April 17 through May 15, 2004
Fredericks Freiser Gallery is pleased to announce an exhibition of new photographs and a projection video by Julie Moos. Since her last exhibition at Fredericks Freiser Gallery, the artist has had solo exhibitions at The Renaissance Society at the University of Chicago; The Birmingham Museum of Art, AL; The Contemporary Museum, Honolulu, HI; The Mint Museum of Art, Charlotte NC; and PhotoEspana, Madrid. She was included in numerous group shows including the Whitney Biennial 2002; Visions from America: Photographs from the Whitney Museum of Art (traveling); How Human: Life in the Post-Genome Era, International Center of Photography, New York and Staging: Janieta Eyre, Julie Moos and Zwelethu Mthethwa, Contemporary Art Museum, St. Louis, MO. This will be the artist’s third solo exhibition with Fredericks Freiser Gallery and will coincide with a solo exhibition of Radiant and Hat Ladies at The Norton Museum of Art, West Palm Beach, FL.
In the past Julie Moos has used a 4 x 5 camera, simple lighting and a traveling studio to make portraits of people in pairs. Working within the familiar framework of formal variation within a serial format, Moos has depicted various aspects of American culture ranging from the friends and enemies in the graduating class of a high school in Alabama to farmers who farm genetically modified crops.

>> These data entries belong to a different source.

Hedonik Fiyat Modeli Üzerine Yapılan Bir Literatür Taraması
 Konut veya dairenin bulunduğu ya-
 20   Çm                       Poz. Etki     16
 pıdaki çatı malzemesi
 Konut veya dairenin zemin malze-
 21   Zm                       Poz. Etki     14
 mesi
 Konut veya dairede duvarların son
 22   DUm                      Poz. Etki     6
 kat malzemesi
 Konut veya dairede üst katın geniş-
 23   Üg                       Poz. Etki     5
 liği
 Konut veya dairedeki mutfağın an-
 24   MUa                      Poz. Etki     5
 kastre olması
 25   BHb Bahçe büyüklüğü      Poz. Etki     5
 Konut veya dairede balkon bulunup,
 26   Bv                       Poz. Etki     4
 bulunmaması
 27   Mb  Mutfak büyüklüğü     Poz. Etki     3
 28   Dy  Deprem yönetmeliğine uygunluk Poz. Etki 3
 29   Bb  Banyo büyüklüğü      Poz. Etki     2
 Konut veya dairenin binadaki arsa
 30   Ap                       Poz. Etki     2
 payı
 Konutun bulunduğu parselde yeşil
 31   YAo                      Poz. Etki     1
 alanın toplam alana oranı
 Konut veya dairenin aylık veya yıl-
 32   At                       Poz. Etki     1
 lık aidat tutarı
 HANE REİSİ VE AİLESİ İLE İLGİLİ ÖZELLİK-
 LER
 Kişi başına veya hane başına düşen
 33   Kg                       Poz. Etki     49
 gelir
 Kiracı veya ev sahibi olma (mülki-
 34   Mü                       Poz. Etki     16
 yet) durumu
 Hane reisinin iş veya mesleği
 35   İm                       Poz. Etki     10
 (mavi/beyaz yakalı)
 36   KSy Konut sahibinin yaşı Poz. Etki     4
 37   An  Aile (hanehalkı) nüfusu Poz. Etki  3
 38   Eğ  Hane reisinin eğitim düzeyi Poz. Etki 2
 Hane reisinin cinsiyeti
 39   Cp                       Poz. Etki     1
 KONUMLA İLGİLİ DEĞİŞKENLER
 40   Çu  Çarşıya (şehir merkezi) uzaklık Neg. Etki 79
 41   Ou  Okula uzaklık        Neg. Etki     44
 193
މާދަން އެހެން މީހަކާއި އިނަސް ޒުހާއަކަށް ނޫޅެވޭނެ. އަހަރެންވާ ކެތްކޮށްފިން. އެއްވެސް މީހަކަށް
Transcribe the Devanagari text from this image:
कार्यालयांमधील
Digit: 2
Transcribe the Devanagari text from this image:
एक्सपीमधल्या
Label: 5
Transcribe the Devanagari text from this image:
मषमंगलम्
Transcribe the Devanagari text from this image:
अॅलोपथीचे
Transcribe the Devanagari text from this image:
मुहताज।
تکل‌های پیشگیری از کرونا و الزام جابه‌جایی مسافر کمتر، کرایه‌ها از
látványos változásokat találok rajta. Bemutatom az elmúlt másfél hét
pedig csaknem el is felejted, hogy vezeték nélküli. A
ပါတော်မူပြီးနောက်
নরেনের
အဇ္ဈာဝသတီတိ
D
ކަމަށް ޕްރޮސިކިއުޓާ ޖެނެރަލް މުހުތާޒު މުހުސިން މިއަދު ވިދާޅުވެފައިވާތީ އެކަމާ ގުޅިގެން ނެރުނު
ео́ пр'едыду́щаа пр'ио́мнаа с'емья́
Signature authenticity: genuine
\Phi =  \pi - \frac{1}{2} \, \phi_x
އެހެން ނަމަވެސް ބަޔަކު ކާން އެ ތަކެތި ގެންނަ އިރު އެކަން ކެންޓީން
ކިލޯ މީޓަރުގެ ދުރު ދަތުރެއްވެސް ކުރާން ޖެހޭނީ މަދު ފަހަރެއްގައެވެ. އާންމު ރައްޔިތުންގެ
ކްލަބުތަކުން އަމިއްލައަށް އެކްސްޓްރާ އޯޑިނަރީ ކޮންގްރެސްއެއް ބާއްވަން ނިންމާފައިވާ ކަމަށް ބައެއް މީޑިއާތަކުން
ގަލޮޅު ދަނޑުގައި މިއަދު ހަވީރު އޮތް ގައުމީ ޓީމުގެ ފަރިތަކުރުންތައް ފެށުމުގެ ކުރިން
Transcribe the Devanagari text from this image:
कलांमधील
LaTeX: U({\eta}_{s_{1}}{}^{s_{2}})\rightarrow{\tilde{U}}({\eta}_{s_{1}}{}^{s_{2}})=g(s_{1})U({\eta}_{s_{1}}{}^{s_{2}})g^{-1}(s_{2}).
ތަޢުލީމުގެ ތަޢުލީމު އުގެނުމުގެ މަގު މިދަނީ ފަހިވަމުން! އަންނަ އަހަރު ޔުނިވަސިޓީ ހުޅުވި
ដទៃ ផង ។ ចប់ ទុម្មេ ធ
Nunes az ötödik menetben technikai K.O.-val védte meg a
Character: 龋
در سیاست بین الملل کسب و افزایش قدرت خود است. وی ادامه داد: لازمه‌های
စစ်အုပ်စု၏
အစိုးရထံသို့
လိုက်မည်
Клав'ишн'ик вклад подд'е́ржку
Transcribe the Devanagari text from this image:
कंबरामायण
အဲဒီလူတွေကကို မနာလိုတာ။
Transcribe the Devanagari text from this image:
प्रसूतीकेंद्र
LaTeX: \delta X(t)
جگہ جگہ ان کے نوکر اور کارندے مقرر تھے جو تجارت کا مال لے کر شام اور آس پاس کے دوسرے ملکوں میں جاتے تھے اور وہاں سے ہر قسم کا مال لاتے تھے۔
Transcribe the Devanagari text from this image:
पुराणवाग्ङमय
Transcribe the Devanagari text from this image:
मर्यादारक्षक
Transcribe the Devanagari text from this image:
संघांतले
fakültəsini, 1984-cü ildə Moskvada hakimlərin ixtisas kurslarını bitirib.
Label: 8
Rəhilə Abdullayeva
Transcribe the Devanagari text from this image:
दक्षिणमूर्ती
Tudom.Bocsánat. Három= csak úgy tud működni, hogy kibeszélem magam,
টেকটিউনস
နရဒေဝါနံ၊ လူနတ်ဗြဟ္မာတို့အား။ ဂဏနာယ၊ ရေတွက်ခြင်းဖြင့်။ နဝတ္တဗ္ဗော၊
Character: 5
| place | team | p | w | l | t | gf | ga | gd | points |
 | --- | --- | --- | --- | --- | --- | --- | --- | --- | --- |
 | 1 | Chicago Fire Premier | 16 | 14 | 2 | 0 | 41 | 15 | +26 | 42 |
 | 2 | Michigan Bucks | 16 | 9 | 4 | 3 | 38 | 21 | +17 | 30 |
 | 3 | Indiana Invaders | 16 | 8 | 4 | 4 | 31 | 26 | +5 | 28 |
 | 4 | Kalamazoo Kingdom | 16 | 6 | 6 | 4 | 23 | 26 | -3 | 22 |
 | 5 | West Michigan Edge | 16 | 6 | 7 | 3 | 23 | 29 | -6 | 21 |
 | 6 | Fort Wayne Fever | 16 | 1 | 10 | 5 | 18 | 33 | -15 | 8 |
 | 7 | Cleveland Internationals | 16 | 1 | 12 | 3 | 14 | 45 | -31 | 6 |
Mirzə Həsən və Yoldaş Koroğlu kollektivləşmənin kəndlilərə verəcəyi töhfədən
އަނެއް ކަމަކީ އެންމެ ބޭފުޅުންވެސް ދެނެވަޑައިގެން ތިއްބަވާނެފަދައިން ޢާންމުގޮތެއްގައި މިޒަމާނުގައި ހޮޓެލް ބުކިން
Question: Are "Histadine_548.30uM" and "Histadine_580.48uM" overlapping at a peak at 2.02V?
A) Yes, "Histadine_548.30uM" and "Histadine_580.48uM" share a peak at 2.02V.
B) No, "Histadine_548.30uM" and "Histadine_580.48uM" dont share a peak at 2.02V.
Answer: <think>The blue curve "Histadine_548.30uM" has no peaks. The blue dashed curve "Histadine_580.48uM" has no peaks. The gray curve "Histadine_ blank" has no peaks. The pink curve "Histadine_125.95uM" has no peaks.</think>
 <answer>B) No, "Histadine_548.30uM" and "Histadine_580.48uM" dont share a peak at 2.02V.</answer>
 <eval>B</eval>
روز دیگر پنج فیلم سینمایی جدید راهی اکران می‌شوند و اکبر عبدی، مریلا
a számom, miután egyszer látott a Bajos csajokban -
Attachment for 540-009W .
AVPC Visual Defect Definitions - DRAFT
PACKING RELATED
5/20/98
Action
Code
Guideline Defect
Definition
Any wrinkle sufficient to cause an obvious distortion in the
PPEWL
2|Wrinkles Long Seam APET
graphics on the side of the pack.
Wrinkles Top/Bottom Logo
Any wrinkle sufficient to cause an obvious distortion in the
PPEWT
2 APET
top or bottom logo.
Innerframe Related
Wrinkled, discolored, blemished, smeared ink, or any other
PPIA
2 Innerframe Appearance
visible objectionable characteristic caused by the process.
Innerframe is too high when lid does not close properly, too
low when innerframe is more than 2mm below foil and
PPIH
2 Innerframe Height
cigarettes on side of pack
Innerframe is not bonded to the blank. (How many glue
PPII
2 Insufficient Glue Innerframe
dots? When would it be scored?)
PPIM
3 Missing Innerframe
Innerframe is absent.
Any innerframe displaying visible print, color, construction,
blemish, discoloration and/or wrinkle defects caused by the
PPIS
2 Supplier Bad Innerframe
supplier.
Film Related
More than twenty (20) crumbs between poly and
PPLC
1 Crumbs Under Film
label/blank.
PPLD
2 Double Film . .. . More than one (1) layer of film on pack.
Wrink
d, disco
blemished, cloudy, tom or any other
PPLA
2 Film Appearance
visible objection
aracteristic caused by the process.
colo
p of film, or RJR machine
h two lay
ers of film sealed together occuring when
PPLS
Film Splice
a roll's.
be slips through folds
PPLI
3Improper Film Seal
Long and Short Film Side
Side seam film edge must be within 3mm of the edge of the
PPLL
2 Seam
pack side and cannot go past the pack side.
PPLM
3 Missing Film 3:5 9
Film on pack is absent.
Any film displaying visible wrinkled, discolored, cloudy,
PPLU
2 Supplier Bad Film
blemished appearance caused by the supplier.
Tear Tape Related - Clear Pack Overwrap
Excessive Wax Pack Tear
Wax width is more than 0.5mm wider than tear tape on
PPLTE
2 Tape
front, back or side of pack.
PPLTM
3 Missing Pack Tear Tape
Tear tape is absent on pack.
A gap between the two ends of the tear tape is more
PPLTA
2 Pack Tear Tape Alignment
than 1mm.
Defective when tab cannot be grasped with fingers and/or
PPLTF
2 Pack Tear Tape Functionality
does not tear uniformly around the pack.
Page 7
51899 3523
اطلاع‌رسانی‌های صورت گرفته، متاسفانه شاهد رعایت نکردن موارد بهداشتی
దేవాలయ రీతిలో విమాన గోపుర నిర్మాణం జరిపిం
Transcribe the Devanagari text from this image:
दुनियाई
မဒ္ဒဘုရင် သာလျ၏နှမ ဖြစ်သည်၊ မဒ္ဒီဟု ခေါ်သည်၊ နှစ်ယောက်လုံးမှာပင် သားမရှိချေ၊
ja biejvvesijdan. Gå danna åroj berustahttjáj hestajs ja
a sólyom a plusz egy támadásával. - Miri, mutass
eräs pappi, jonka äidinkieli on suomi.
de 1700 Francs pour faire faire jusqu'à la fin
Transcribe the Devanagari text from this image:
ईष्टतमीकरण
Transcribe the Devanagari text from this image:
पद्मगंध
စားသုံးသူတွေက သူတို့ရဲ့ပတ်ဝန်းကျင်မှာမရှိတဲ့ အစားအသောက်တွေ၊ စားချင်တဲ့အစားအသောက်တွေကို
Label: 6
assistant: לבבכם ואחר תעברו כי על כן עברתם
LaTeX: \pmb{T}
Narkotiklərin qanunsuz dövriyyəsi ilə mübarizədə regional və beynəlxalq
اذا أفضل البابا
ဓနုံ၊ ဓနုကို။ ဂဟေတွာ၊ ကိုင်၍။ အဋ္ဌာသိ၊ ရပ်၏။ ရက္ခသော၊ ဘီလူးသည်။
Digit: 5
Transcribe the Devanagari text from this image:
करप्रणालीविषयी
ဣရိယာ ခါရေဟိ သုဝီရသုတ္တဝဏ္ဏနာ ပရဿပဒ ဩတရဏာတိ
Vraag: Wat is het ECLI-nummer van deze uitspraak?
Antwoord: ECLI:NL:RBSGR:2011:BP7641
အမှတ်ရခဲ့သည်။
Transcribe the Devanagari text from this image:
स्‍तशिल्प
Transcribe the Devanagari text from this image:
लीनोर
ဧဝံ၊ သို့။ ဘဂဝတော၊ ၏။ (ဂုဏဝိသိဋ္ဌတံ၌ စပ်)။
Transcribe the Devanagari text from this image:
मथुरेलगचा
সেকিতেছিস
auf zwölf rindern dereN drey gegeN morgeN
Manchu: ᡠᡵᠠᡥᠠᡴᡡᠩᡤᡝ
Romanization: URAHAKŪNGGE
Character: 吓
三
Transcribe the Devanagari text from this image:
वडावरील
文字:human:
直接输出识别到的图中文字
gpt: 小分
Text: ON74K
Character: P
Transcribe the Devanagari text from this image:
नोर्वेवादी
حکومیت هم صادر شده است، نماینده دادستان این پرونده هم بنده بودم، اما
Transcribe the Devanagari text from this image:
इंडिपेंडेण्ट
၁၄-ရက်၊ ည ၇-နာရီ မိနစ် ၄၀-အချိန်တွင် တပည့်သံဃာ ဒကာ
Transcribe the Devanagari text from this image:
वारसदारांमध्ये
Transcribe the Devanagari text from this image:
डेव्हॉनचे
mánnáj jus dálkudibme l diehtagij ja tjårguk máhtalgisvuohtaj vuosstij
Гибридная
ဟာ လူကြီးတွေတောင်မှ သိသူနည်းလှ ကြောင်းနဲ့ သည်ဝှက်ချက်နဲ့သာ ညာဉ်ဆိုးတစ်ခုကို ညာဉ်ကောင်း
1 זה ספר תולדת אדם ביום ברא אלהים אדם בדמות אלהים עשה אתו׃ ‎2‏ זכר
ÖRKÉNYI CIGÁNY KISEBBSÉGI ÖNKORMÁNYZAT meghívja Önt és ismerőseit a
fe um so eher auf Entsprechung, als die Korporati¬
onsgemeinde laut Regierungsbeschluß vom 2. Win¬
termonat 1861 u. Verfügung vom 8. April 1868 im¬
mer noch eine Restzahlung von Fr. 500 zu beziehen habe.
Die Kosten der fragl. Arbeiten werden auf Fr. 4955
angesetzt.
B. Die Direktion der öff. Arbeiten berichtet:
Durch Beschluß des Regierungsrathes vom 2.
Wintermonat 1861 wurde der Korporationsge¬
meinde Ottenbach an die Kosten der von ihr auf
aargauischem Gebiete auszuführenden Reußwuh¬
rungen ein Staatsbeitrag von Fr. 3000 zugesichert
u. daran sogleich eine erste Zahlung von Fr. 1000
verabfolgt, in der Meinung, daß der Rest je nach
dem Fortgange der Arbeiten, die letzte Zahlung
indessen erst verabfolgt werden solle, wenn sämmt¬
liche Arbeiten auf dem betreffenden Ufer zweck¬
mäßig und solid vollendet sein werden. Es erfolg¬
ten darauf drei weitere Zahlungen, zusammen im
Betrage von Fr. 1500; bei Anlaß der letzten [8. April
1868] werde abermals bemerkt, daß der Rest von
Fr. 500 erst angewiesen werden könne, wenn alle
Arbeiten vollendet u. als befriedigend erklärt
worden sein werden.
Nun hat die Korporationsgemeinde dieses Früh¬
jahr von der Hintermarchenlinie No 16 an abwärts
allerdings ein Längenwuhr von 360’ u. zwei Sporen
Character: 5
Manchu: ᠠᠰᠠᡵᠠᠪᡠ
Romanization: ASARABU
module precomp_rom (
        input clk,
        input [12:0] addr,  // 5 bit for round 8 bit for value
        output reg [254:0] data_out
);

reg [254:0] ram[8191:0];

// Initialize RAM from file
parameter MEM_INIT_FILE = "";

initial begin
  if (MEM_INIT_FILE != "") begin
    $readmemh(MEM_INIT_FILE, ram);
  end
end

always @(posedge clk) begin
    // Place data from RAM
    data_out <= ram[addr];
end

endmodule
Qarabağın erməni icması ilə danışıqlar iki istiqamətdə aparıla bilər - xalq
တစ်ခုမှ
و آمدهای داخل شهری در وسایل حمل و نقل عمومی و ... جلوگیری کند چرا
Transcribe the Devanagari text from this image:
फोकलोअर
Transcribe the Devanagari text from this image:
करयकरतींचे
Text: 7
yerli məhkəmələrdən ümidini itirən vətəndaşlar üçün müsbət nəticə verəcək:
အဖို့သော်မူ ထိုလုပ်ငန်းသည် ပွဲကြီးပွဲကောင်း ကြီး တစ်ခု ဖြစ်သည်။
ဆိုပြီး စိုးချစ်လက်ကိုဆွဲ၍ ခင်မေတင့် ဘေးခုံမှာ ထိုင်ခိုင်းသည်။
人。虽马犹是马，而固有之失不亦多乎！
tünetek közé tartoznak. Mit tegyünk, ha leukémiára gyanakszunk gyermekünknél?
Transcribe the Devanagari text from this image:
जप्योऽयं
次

The series of sixteen large-scale color Polaroid photographs and a video that make up the body of work entitled Radiant depict a group of sixth grade students from the Birmingham Elementary School as they prepare for a theatrical performance of Charlotte's Web. Julie Moos' simultaneous use of a Polaroid camera and a video camera create a compelling statement about the interaction of portraiture and performance and the notion of the "decisive moment." Played without sound, the video records each child as he/she composes themselves to be photographed. The viewer is privy to both potential portraits that "got away" and to those that were captured, the latter marked by the flash of the camera, followed by the child's relieved relaxation of her body and expression.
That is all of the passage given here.